「愛犬が暮らしやすい部屋にしたい」
「アートを取り入れミュージアムのような空間を実現したい」
美しさを求めるアートと、汚れや傷をたくさんつけてくれるペット。なかなか共存が難しいこの2つの要望をいかに掛け算をするかが課題でした。施主の愛犬への愛情の深さと、アートやデコレーションといったインテリアへのこだわりの大きさから、人間とペットの居場所を分けることなく両立させられないか、また両者が我慢しなくてよい空間にできないかと考え、導き出した答えは「ペットと人間が同じ空間で、お互い安心しながらアートも楽しめる部屋」でした。
まずは、いつでもお互いの気配を感じられるように居室同士のアクセスは廊下を介さず可能な間取りとし、それぞれがガラスを通してゆるく繋がりのあるプランとしました。
素材によるアプローチとしては、清掃性が良くテクスチャーのある左官材や、傷がついても味わいになるようなフローリングを採用。

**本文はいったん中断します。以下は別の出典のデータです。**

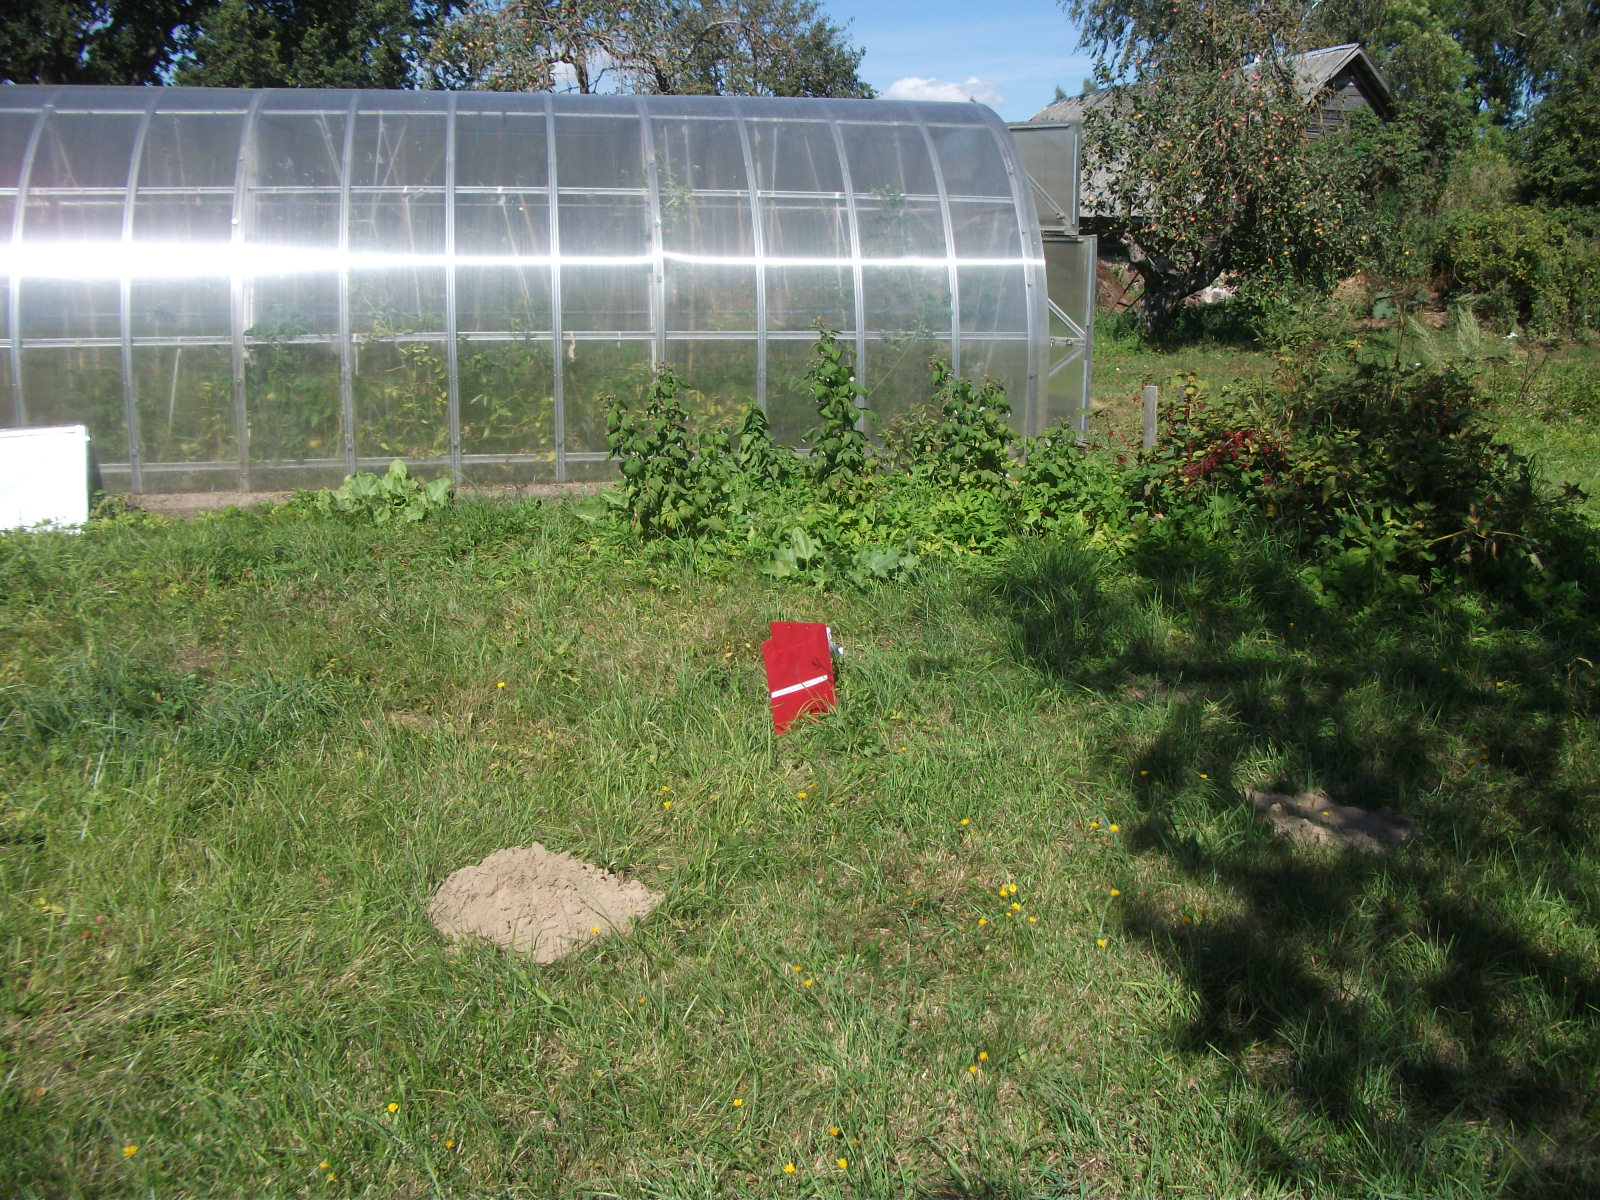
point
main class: Cropland
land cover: Apple fruit
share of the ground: 10 - 25 %
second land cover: Grassland without tree/shrub cover
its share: > 75 %
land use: Kitchen garden
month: August
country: LV
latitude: 56.4539
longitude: 26.0526

もちろん防滑性防水性のある塗装を施してあります。
アートの要素としては森のようにグリーンと木目(どちらもクロス)で覆われた廊下やオクタゴン型のドアノブ、家具のような洗面、手彫りのドアなど、コストを大きくかけずに存在感のある一品一品を施主が探し出してきてくれました。
結果として、大切な家族である愛犬とアートが世界観のあるインテリアに溶け込み、どこを切り取っても絵になるお部屋になりました。
BEFORE
愛犬の為に、環境のよい場所に建つ庭付きのマンションを購入されましたが、部屋が細かく分かれすぎていることと、無難で画一的な(面白みが無い)インテリアやツルツルの床材が施主と愛犬の暮らしには合わない為、リノベーションを行うことを前提に物件を購入されました。

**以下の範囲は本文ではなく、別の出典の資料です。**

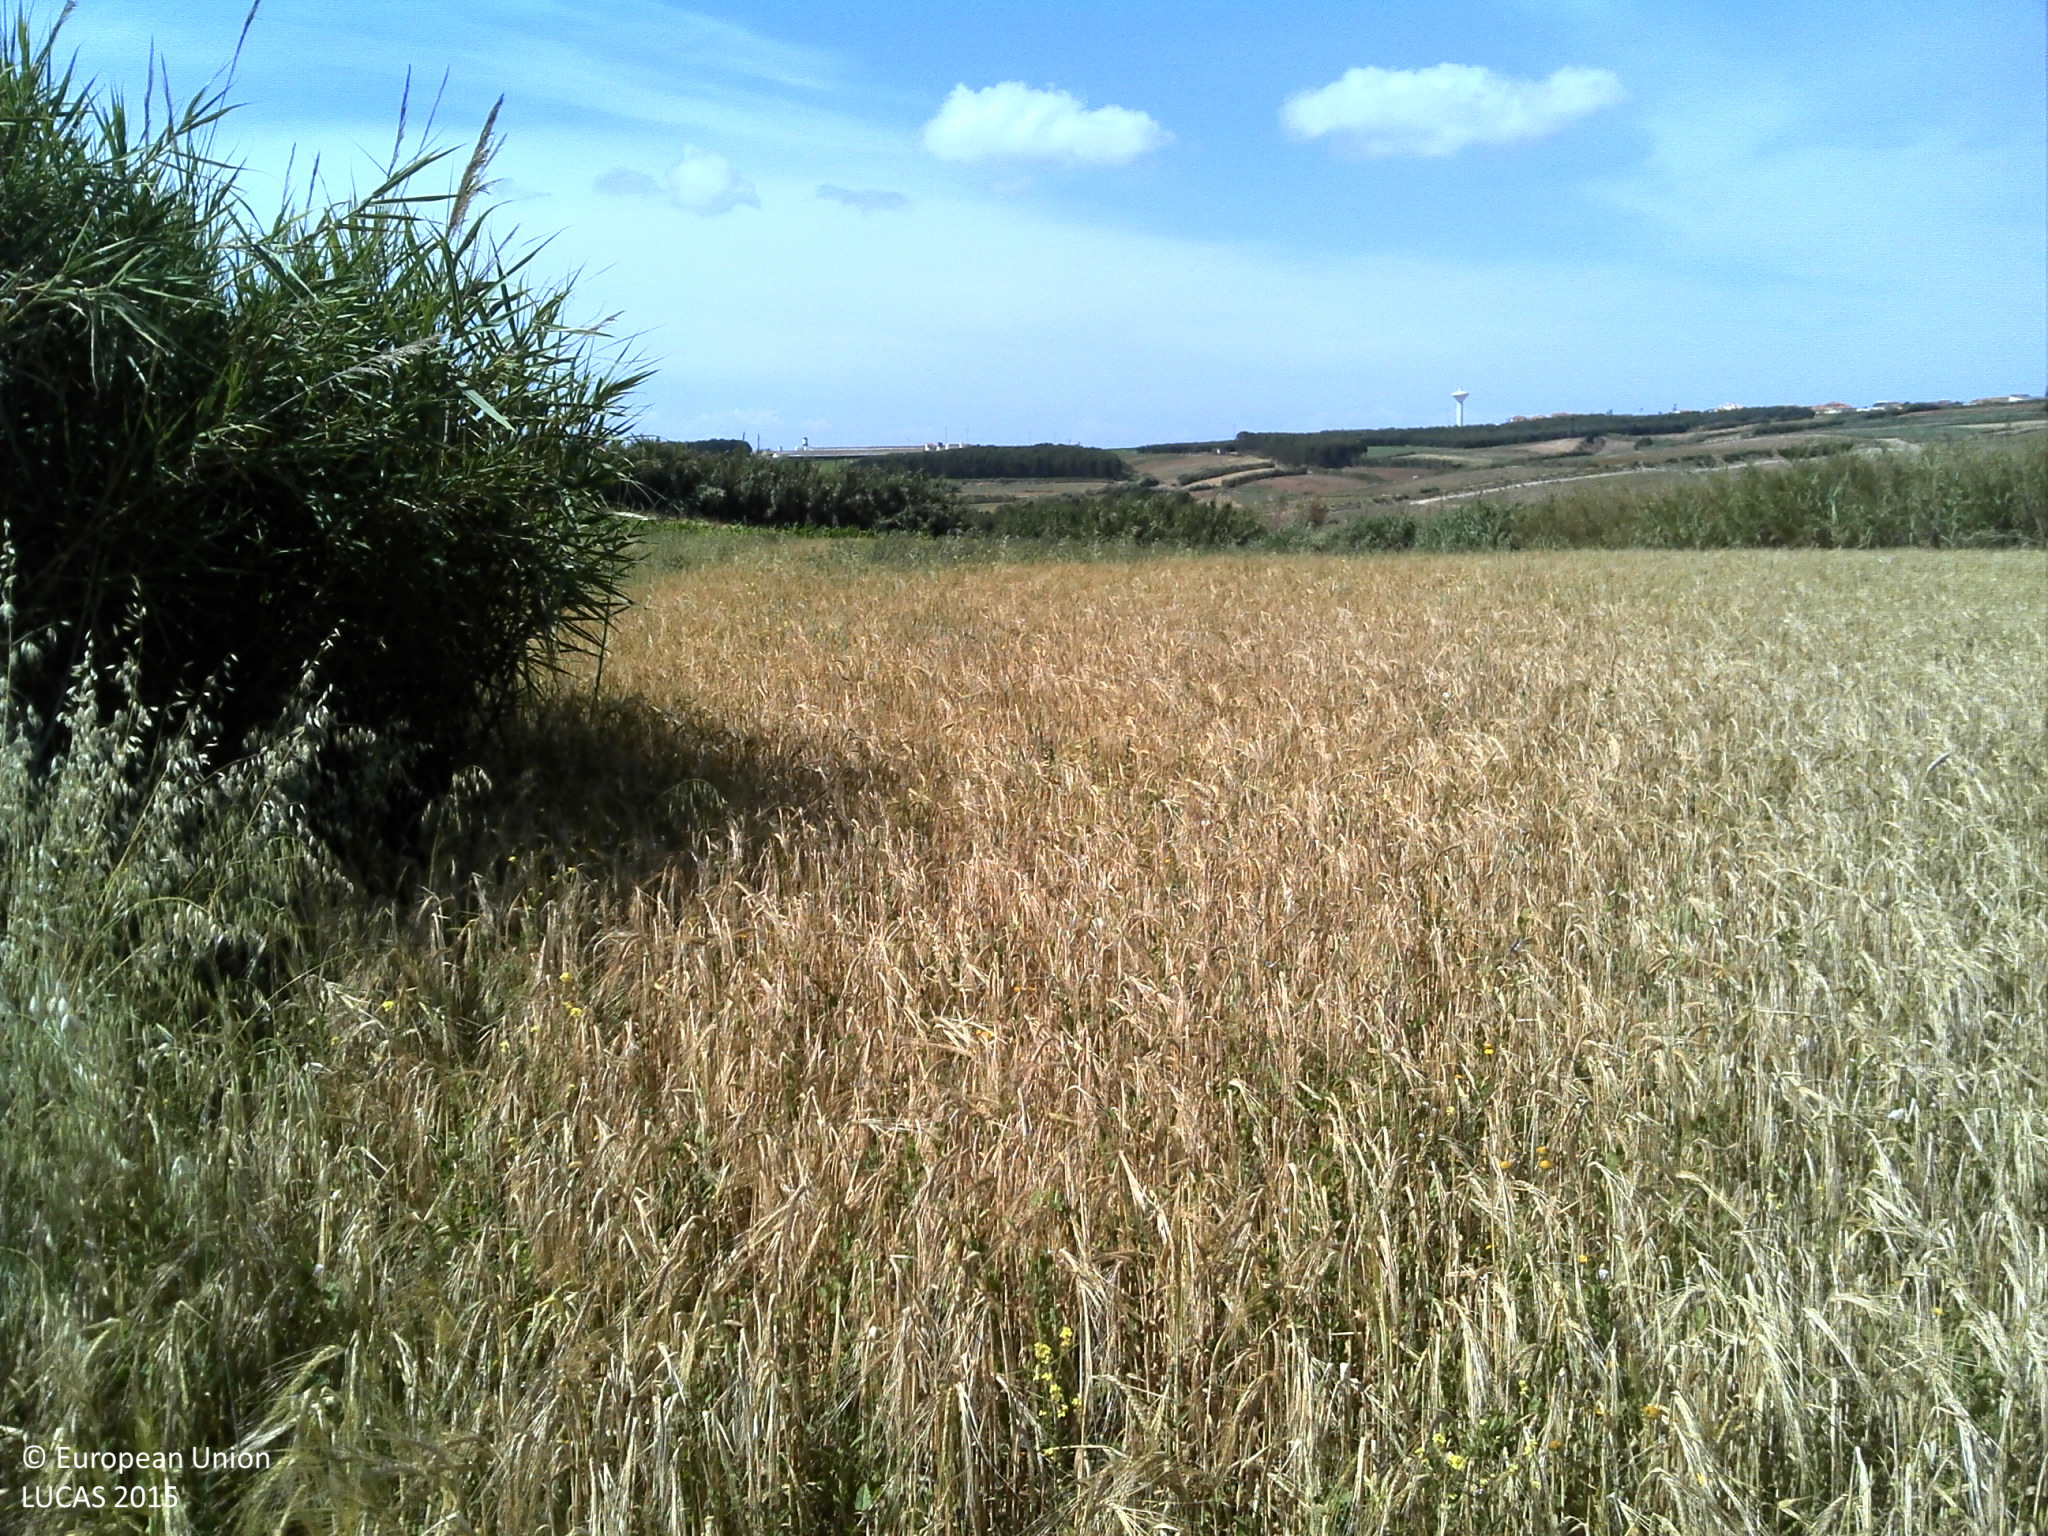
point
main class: Cropland
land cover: Common wheat
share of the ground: > 75 %
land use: Agriculture (excluding fallow land and kitchen gardens)
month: June
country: PT
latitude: 39.2889
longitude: -9.3267

それほど古い物件ではなかったこともあり、まだまだ使える設備類や間仕切り壁は既存流用することや、2部屋並んでいた洋室を繋げて広い1部屋の仕事部屋(アトリエ)にすること、対面キッチンは手元を隠したいこと、寝室はリビングからアクセスしたい、各所に遊び心(アート)を取り入れたいというご要望がありました。
大工工事よりも家具工事に多くの時間がかかりました。